As healthcare organizations consider adopting these new tools and guidelines, Diao emphasizes the importance of patient perspectives and feelings about these changes. By listening to diverse voices and actively seeking out different perspectives, Diao hopes to contribute to a more equitable and effective healthcare system for all patients. Patients may have concerns about their race being used to determine their risk of disease, but what about their estimated income factoring in? This is a question that researchers like Diao and his colleagues are exploring in a new study. They are taking the time to listen to patients and understand their perspectives on how personal information should be used in their healthcare.
In the study, participants are being asked about their comfort level with various factors being used in their care. This includes not only race but also estimated income. The goal is to gather insights into how patients feel about the use of this information and how it may impact their healthcare decisions.
For many patients, the idea of their income being factored into their risk of disease may raise concerns about privacy and potential discrimination. Income is a sensitive topic for many people, and they may feel uncomfortable with the idea of it being used in a medical context. This raises important questions about how personal information should be handled in healthcare settings and the potential implications for patient care.

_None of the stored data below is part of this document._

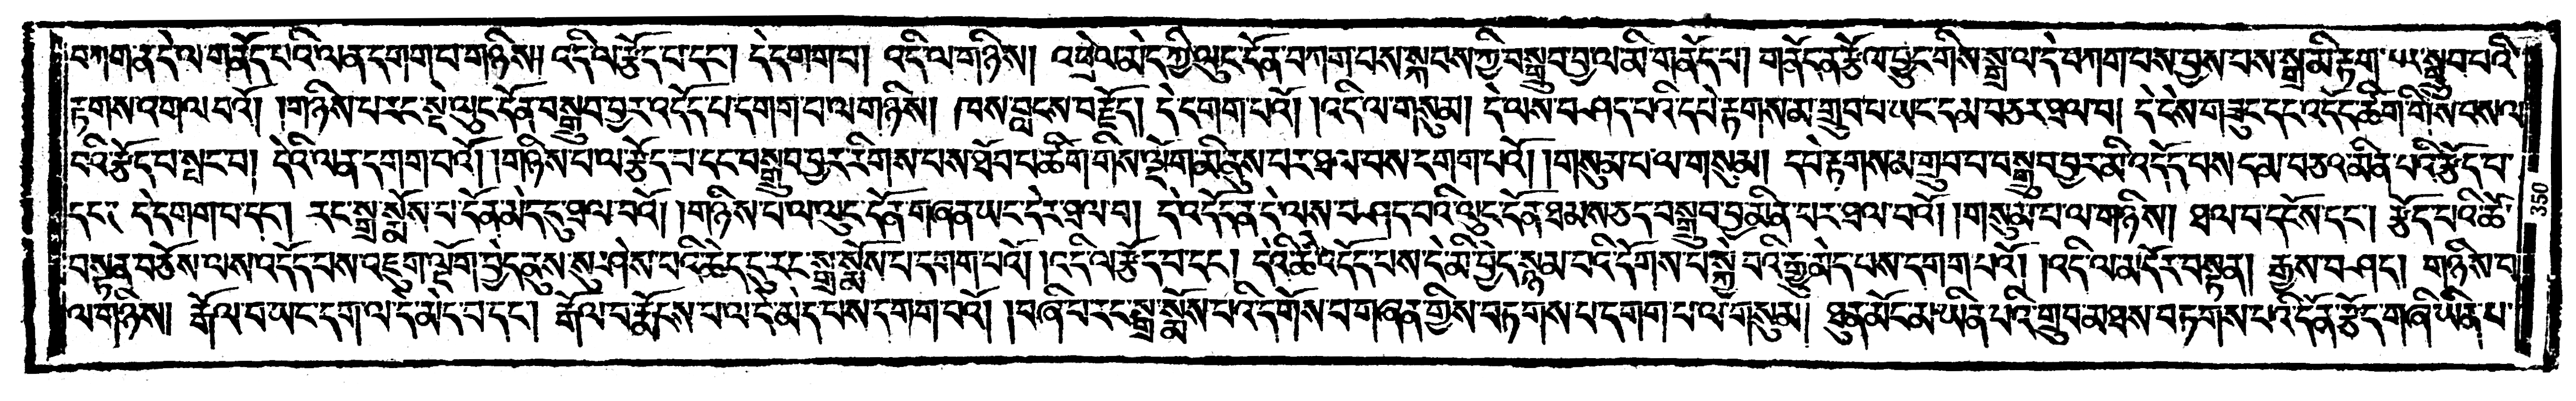བཀག་ན་དེ་ལ་གནོད་པའི་ལན་དགག་པ་གཉིས། འདི་ལ་རྩོད་པ་དང་། དེ་དགག་པ། འདི་ལ་གཉིས། འཕྲེལ་མེད་ཀྱི་ལུང་དོན་བཀག་པས་སྐབས་ཀྱི་བསྒྲུབ་བྱ་ལ་མི་གནོད་པ། གནོད་ན་རྩོལ་བྱུང་གིས་སྒྲ་ལ་དེ་བཀག་པས་བྱས་པས་སྒྲ་མི་རྟག་པར་སྒྲུབ་པའི་
རྟགས་འགལ་བའོ། །གཉིས་པ་རང་སྡེ་ལུང་དོན་བསྒྲུབ་བྱར་འདོད་པ་དགག་པ་ལ་གཉིས། ཁས་བླངས་བརྗོད། དེ་དགག་པའོ། །འདི་ལ་གསུམ། དེ་ལས་བཤད་པའི་དཔེ་རྟགས་མ་གྲུབ་པ་ཡང་དམ་བཅར་ཐལ་བ། དེ་ངེས་གཟུང་དང་འདོད་ཚིག་གིས་བསལ་
བའི་རྩོད་པ་སྤང་བ། དེའི་ལན་དགག་པའོ། །གཉིས་པ་ལ་རྩོད་པ་དང་བསྒྲུབ་བྱར་རིགས་པས་ཐོབ་པ་ཚིག་གིས་ལྡོག་མི་ནུས་པར་ཐལ་བས་དགག་པའོ། །གསུམ་པ་ལ་གསུམ། དཔེ་རྟགས་མ་གྲུབ་པ་བསྒྲུབ་བྱར་མི་འདོད་པས་དམ་བཅའ་མིན་པའི་རྩོད་པ་
དང་། དེ་དགག་པ་དང་། རང་སྒྲ་སྨོས་པ་དོན་མེད་དུ་ཐལ་བའོ། །གཉིས་པ་ལ་ལུང་དོན་གཞན་ཡང་དེར་ཐལ་བ། དེ་འདོད་ན་དེ་ལས་བཤད་པའི་ལུང་དོན་ཐམས་ཅད་བསྒྲུབ་བྱ་མིན་པར་ཐལ་བའོ། །གསུམ་པ་ལ་གཉིས། ཐལ་བ་དངོས་དང་། རྩོད་པའི་ཚེ་
བསྟན་བཅོས་ལས་འདོད་པས་འཇུག་ལྡོག་བྱེད་ནུས་སུ་ཤེས་པའི་ཆེད་དུ་རང་སྒྲ་སྨོས་པ་དགག་པའོ། །འདི་ལ་རྩོད་པ་དང་། དེའི་ཚེ་འདོད་པས་དེ་མི་བྱེད་སྙམ་པའི་དོགས་པ་སྐྱེ་བའི་རྒྱུ་མེད་པས་དགག་པའོ། །འདི་ལ་མདོར་བསྟན། རྒྱས་བཤད། གཉིས་པ་
ལ་གཉིས། རྒོལ་བ་ཡང་དག་ལ་དེ་མེད་པ་དང་། རྒོལ་བ་རྨོངས་པ་ལ་དེ་མེད་པས་དགག་པའོ། །བཞི་པ་རང་སྒྲ་སྨོས་པའི་དགོས་པ་གཞན་གྱིས་བཏགས་པ་དགག་པ་ལ་གསུམ། ཐུན་མོང་མ་ཡིན་པའི་གྲུབ་མཐས་བཏགས་པའི་དོན་རྩོད་གཞི་ཡིན་པ་

As researchers continue to listen to patients and gather feedback on these issues, it is clear that there is a need for thoughtful consideration of how personal information is used in healthcare. Patients should feel empowered to voice their concerns and preferences about the use of their data, and healthcare providers should be attentive to these concerns in order to provide the best possible care.
Overall, this study highlights the importance of patient-centered care and the need for open communication between patients and healthcare providers. By listening to patients and respecting their preferences, healthcare professionals can ensure that they are providing care that is sensitive to the individual needs and concerns of each patient.